Sharma describes the different types of costs that can arise from questions: In Stack overflow, for example, “you get a violation if your question seems like a homework question or too long or complicated. In some systems you are penalized for asking a question that has already been answered. This helps users decide whether they want to ask a given question or not.” Similarly, question answerers consider the probability of their answer being considered the best, usually determined by the questioner, yielding reputation points for the answerer.
Guiding the research was a key question: How would increasing the cost of asking a question affect the health of the online community?
The cost benefit of questions
The researchers came up with a somewhat unimaginable answer.
“The intuitive guess would be that there would be a threshold cost of asking a question above which the platform would crash and below which it would survive,” says Bassamboo. “So if the cost of asking a question is very low, you should have a lot of users on the platform, but as it grows, the number of users decreases and the platform will die.”

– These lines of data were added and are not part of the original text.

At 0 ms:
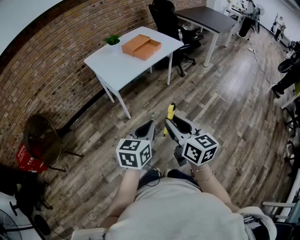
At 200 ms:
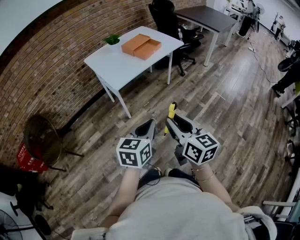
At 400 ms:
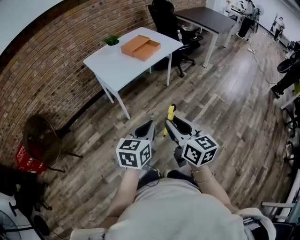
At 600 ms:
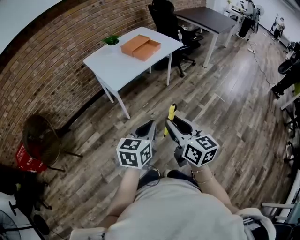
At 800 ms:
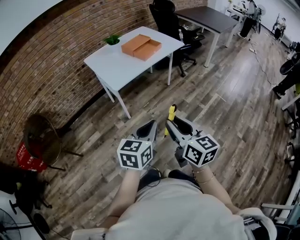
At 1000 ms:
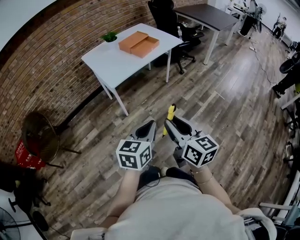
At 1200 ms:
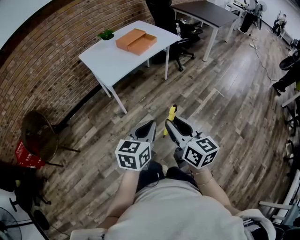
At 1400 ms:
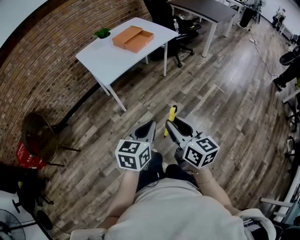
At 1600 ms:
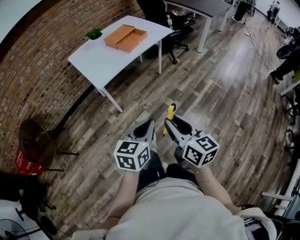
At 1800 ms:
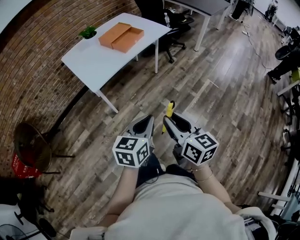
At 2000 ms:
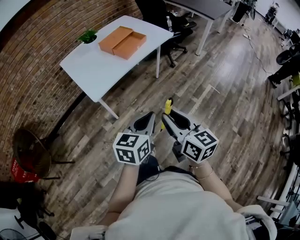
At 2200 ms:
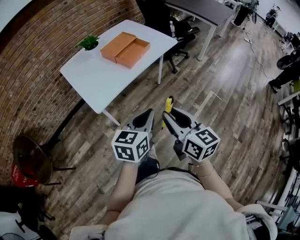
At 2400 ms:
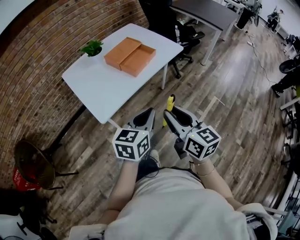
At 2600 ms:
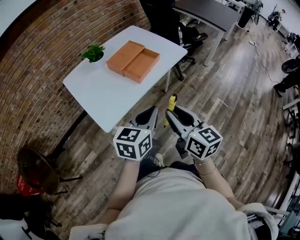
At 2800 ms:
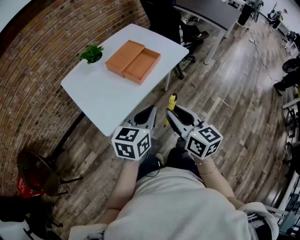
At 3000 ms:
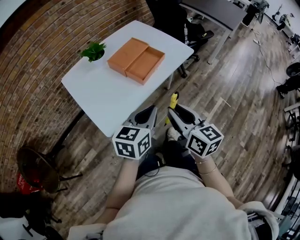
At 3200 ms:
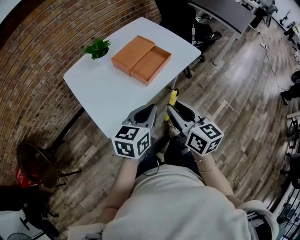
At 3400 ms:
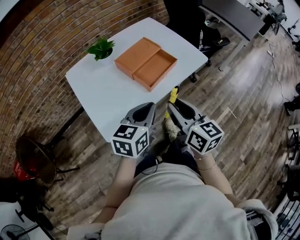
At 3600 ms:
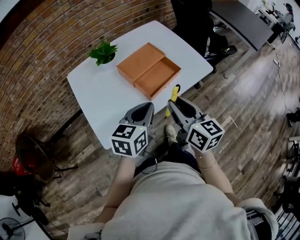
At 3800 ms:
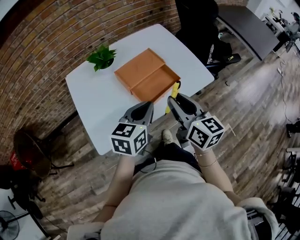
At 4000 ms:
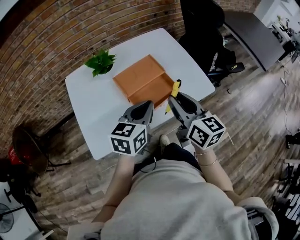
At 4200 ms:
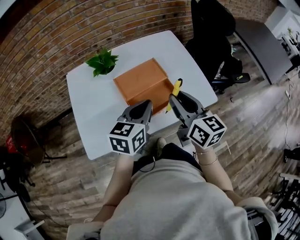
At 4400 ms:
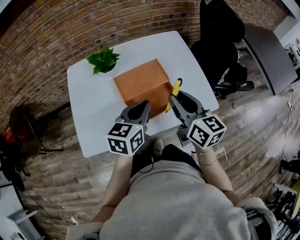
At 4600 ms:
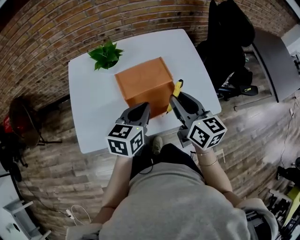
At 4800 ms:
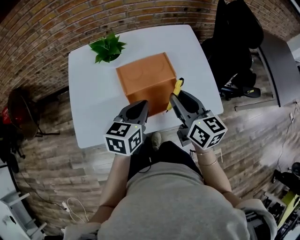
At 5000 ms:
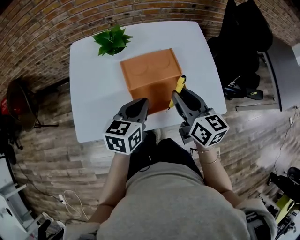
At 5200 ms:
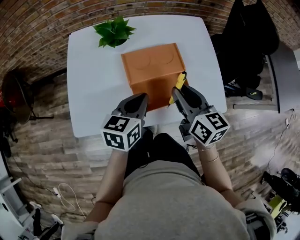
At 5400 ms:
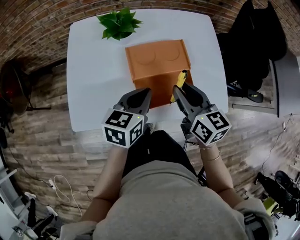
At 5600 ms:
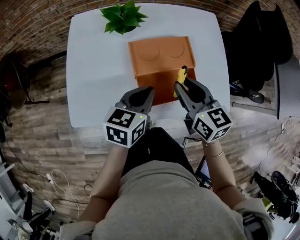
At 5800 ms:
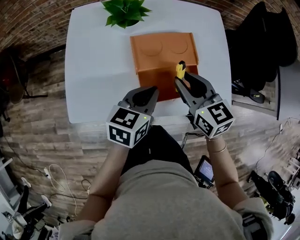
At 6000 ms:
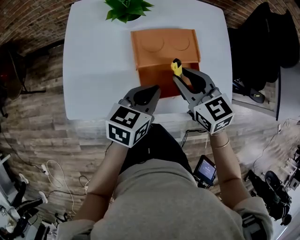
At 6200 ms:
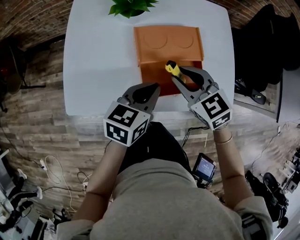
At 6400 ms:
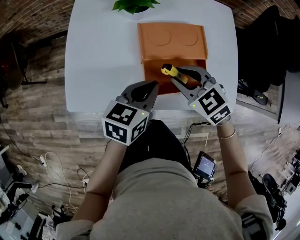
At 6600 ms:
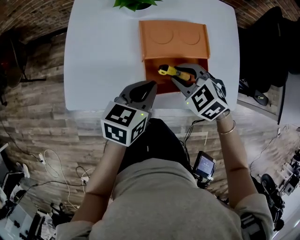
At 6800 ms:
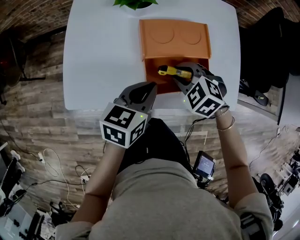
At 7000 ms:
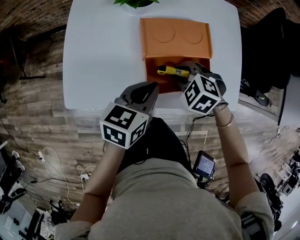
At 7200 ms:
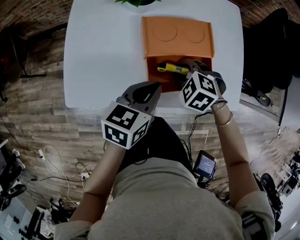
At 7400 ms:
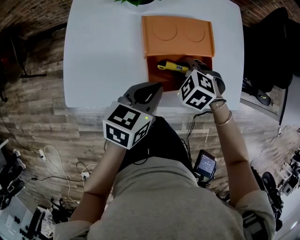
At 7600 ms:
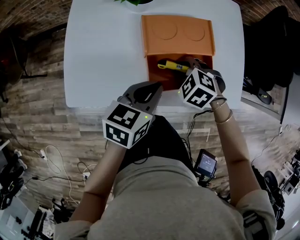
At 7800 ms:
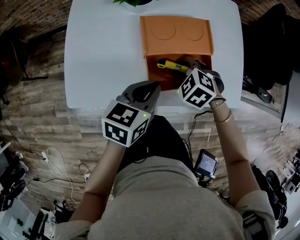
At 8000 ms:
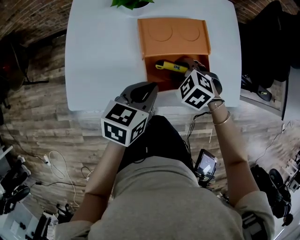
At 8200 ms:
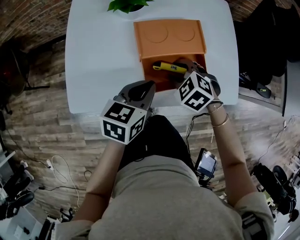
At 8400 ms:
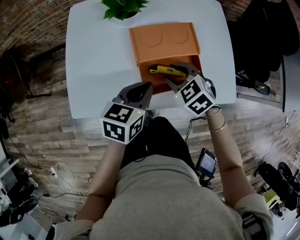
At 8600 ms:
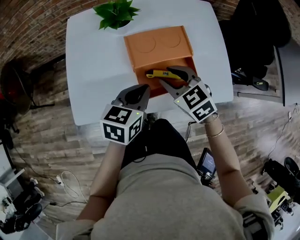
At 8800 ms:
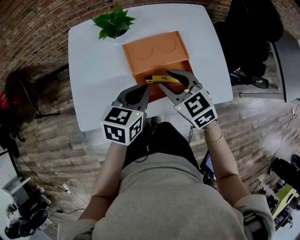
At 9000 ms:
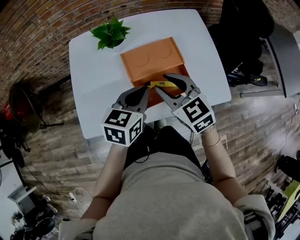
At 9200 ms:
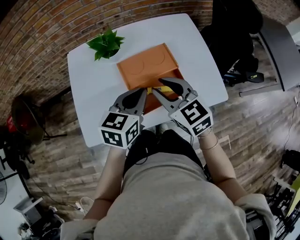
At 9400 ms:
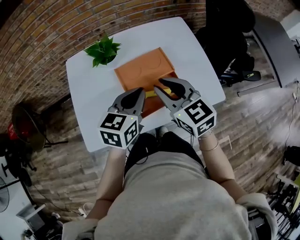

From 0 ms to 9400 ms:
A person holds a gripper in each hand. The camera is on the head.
From 0 ms to 1600 ms: Both grippers travel together to the right, about 10 cm.
From 1600 ms to 3200 ms: The two grippers travel together, forward, approximately 40 cm.
From 3200 ms to 4800 ms: The right gripper shifts by about 35 cm, and changes its angle by about 30 degrees, while the left gripper changes place by about 25 cm, and rotates about 30 degrees.
From 4800 ms to 6200 ms: The left gripper shifts about 5 cm downward. The right gripper is displaced downward and to the left by about 10 cm, and swivels some 50 degrees.
From 6200 ms to 7800 ms: The right gripper heads downward, covering approximately 10 cm, and turns by about 40 degrees.
From 7800 ms to 9400 ms: The left gripper heads upward, covering some 10 cm, and swivels some 20 degrees. Meanwhile the right gripper goes some 25 cm upward, and tilts its fingers some 50 degrees upward.

Contrary to this linear relationship, research findings suggest a sweet spot where a moderate cost of asking questions is optimal for online community functioning. “When you raise the cost of asking questions,” Sharma says, “fewer people ask, but it increases the likelihood that a question will get answered. When people who ask get answers, they’re more satisfied and stay on the platform, and the user base becomes sustainable over time.”
Put another way, if the cost of asking questions is very small, a large number of people ask questions and this leads to a lot of competition for the attention of users who may be able to provide answers. “All questions are fighting for attention from the same finite number of people in that community,” says Sharma. “Then the likelihood of getting an answer to a particular question goes down and people drop out and stop asking questions.”
Indeed, researchers believe that the quality of the online community is largely determined by the percentage of questions answered. Bassamboo illustrates this idea with a personal example: “If I’m teaching with my kids and we Google a question, we get really excited when we find a place where someone asked the same question. But it is frustrating when you see that there is no answer to the question. It’s like the end of the road.”
The conclusion is that imposing a moderate cost for asking questions and thereby increasing the percentage of questions answered can improve the overall quality, effectiveness and sustainability of online communities.
Get answers to more questions
The findings suggest practical advice for those seeking to develop strong online communities.
“You want a community where not only good questions are asked, but good questions are answered,” says Bassamboo. “So you want to raise the bar of asking a question by penalizing weak or vague questions, resulting in more precise, specific questions. It’s worth spending some effort and energy there.”
For example, a community could go so far as to block the IP addresses of those whose questions are repeatedly deemed weak. Or a community might seek to improve the answer rate by directing questions to certain participants who are more likely to give a good answer. “If the system knows you might have the answer, it should be structured to match your questions,” says Bassamboo.
Sharma notes another, even more effective way that high-profile communities boost response rates: “On Apple’s platform, the cost of asking questions is not very high. So they spent some money putting their own representatives on the platform to answer more difficult questions. This avoids the situation where people with difficult questions never get an answer because they’ve never been seen by someone knowledgeable enough to answer them.”